What is expected: If a line in the entries below includes "style", show that line.

[[ Provided entries, beginning ]]

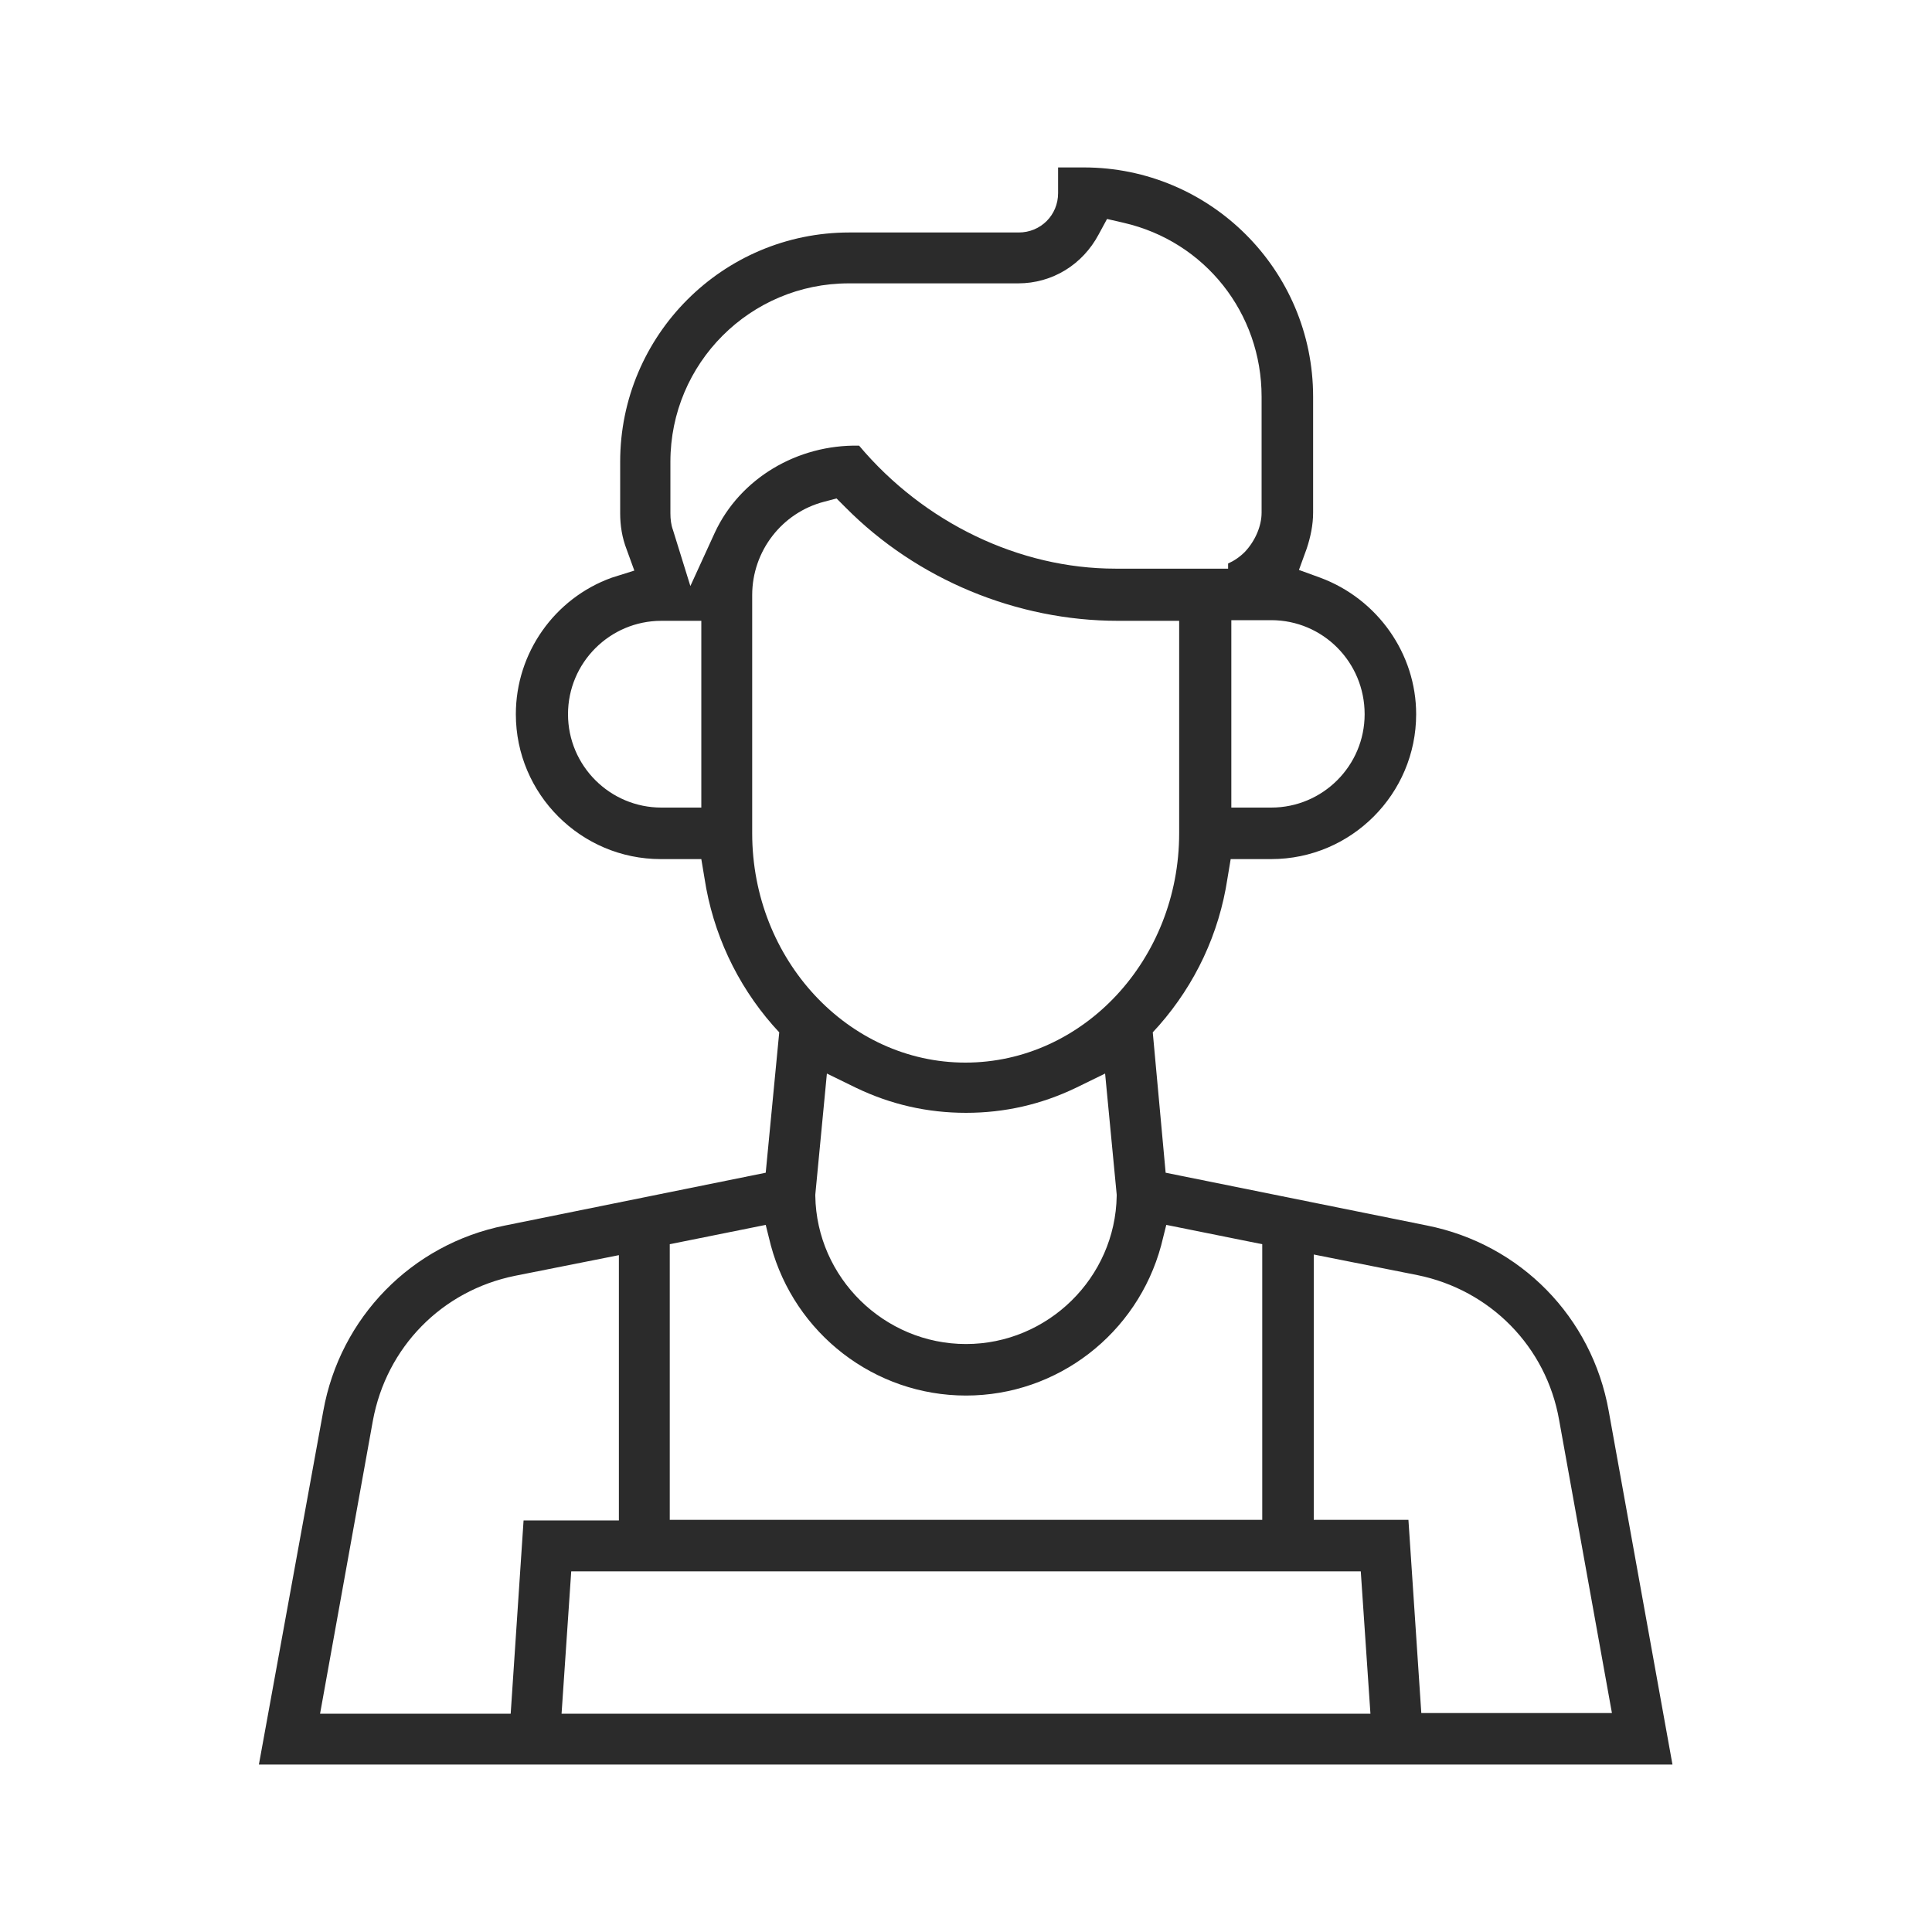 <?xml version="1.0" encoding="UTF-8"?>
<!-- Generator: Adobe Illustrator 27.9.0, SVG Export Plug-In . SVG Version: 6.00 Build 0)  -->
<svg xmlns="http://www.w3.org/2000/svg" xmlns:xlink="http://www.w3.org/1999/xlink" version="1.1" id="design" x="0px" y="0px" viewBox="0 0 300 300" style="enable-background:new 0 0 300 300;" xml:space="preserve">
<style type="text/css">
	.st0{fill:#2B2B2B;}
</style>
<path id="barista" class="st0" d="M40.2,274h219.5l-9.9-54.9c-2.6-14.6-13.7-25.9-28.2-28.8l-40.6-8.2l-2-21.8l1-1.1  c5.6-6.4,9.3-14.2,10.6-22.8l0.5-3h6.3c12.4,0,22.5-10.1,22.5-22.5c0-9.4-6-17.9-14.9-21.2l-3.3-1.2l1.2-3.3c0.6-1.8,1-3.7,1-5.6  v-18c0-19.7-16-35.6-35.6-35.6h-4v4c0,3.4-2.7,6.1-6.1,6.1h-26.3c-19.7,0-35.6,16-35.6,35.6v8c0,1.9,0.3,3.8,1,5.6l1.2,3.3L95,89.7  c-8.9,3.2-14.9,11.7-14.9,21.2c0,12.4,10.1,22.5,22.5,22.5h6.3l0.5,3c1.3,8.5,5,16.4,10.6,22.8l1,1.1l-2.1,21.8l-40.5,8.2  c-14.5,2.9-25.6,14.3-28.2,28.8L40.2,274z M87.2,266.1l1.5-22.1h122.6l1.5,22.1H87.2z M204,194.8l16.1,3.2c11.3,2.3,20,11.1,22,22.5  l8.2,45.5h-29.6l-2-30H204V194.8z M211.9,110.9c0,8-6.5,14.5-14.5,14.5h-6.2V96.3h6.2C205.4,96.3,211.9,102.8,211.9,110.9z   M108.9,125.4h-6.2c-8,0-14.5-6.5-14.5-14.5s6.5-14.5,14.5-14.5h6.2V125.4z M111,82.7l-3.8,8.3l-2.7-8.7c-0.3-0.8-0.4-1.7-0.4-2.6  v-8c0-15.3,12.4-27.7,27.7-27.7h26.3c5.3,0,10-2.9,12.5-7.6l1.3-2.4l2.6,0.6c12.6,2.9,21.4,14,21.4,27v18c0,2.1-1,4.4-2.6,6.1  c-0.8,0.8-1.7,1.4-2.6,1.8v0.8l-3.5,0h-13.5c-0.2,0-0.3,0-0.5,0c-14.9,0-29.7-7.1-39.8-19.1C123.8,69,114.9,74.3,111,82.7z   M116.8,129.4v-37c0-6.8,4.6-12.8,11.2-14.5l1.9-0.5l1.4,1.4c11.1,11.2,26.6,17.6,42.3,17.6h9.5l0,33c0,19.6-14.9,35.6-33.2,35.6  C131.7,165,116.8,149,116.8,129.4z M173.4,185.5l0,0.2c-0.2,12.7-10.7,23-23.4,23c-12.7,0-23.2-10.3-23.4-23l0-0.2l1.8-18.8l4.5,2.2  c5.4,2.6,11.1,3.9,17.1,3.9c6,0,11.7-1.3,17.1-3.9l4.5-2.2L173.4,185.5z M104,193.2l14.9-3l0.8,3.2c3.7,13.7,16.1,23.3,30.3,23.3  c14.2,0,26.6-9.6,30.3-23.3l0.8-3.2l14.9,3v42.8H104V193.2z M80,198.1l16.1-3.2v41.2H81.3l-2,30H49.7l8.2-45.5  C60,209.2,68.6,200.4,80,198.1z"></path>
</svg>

[[ Provided entries, end ]]

Reply:
<svg xmlns="http://www.w3.org/2000/svg" xmlns:xlink="http://www.w3.org/1999/xlink" version="1.1" id="design" x="0px" y="0px" viewBox="0 0 300 300" style="enable-background:new 0 0 300 300;" xml:space="preserve">
<style type="text/css">
</style>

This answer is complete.